### How to complete this task
Please give back exactly the line with "Does the leading" and each line after it through the end of the material, leaving out the pictures.
Content starts
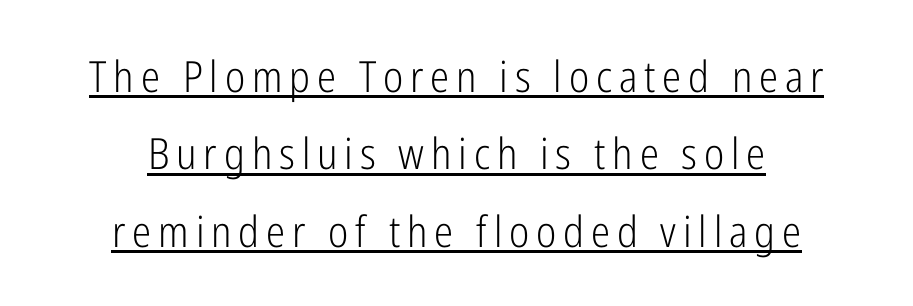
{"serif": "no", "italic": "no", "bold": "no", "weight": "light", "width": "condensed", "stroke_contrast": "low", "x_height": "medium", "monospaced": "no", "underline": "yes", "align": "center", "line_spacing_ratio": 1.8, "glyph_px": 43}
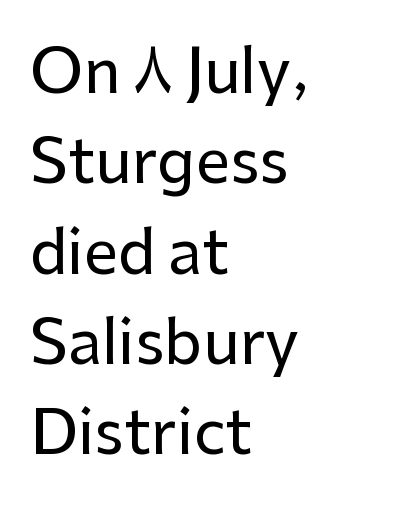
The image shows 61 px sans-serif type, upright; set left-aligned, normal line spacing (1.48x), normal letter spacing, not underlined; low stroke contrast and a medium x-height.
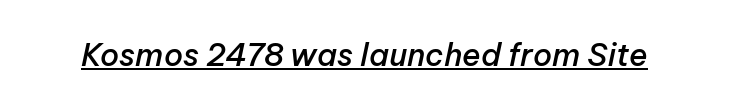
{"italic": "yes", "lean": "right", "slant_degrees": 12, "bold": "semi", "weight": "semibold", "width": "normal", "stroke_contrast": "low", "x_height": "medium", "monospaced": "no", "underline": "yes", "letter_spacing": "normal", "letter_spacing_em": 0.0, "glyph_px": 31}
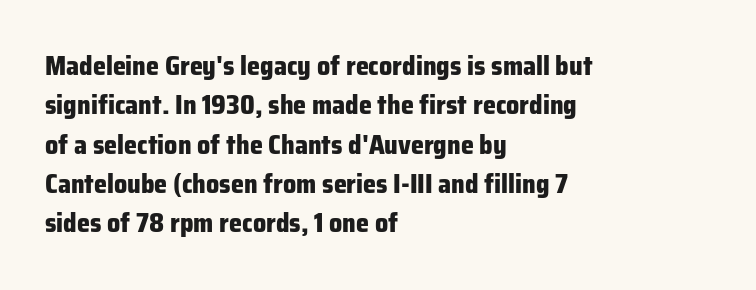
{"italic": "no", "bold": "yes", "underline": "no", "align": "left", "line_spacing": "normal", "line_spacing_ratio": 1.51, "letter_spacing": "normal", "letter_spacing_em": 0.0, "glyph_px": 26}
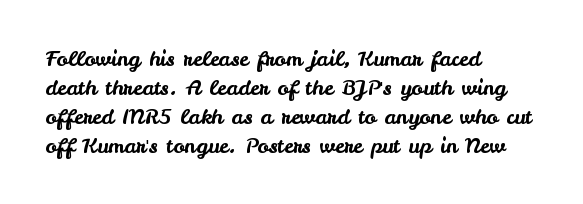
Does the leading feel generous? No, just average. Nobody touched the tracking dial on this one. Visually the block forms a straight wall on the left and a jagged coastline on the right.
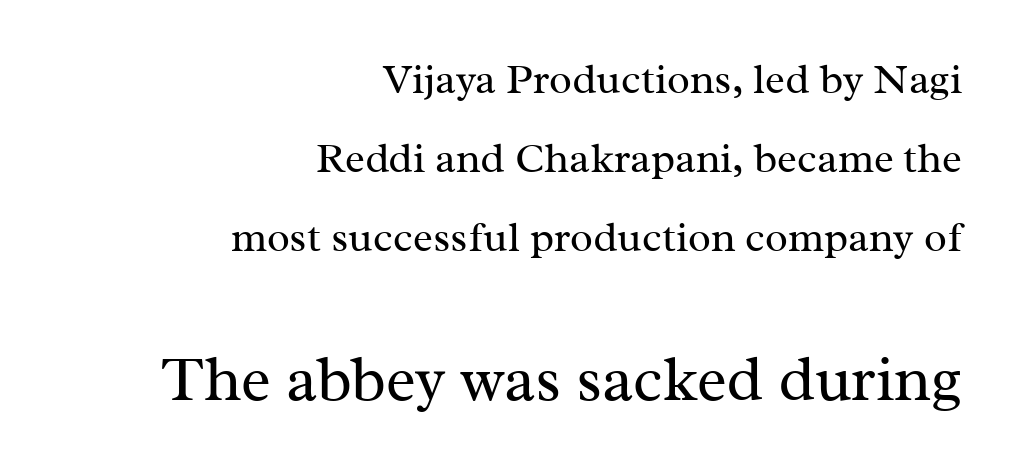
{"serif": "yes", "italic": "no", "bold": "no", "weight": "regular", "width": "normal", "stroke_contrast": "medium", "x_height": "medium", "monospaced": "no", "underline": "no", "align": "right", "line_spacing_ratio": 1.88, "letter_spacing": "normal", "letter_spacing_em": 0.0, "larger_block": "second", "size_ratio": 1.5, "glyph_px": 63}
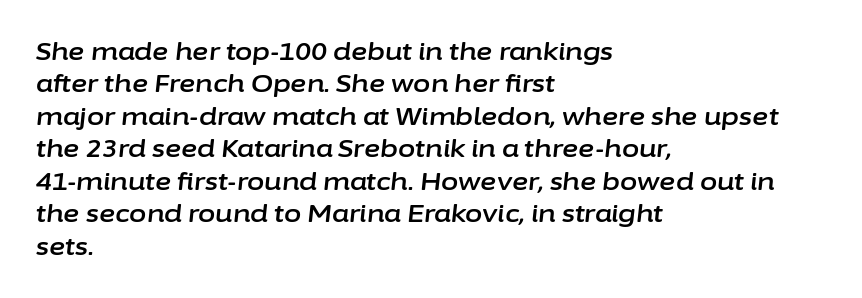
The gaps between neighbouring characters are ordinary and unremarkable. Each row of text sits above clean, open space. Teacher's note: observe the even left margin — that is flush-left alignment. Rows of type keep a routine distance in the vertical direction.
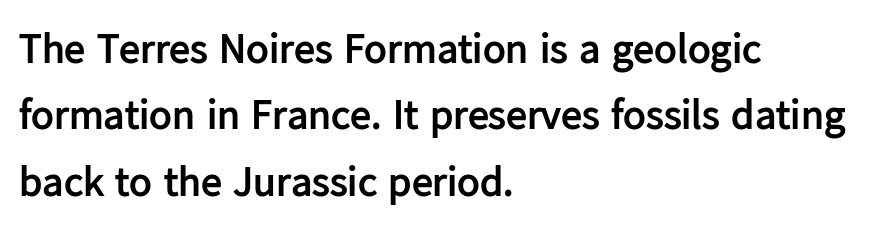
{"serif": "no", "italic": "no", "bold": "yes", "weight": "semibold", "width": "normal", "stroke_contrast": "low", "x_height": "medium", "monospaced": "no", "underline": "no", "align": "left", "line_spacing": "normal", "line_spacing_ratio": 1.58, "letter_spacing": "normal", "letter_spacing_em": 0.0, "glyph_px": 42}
Content ends
### Expected answer
Does the leading feel generous? No, just average. Nobody touched the tracking dial on this one. Visually the block forms a straight wall on the left and a jagged coastline on the right.
{"serif": "yes", "italic": "no", "bold": "no", "weight": "regular", "width": "normal", "stroke_contrast": "medium", "x_height": "medium", "monospaced": "no", "underline": "no", "align": "right", "line_spacing_ratio": 1.88, "letter_spacing": "normal", "letter_spacing_em": 0.0, "larger_block": "second", "size_ratio": 1.5, "glyph_px": 63}
The gaps between neighbouring characters are ordinary and unremarkable. Each row of text sits above clean, open space. Teacher's note: observe the even left margin — that is flush-left alignment. Rows of type keep a routine distance in the vertical direction.
{"serif": "no", "italic": "no", "bold": "yes", "weight": "semibold", "width": "normal", "stroke_contrast": "low", "x_height": "medium", "monospaced": "no", "underline": "no", "align": "left", "line_spacing": "normal", "line_spacing_ratio": 1.58, "letter_spacing": "normal", "letter_spacing_em": 0.0, "glyph_px": 42}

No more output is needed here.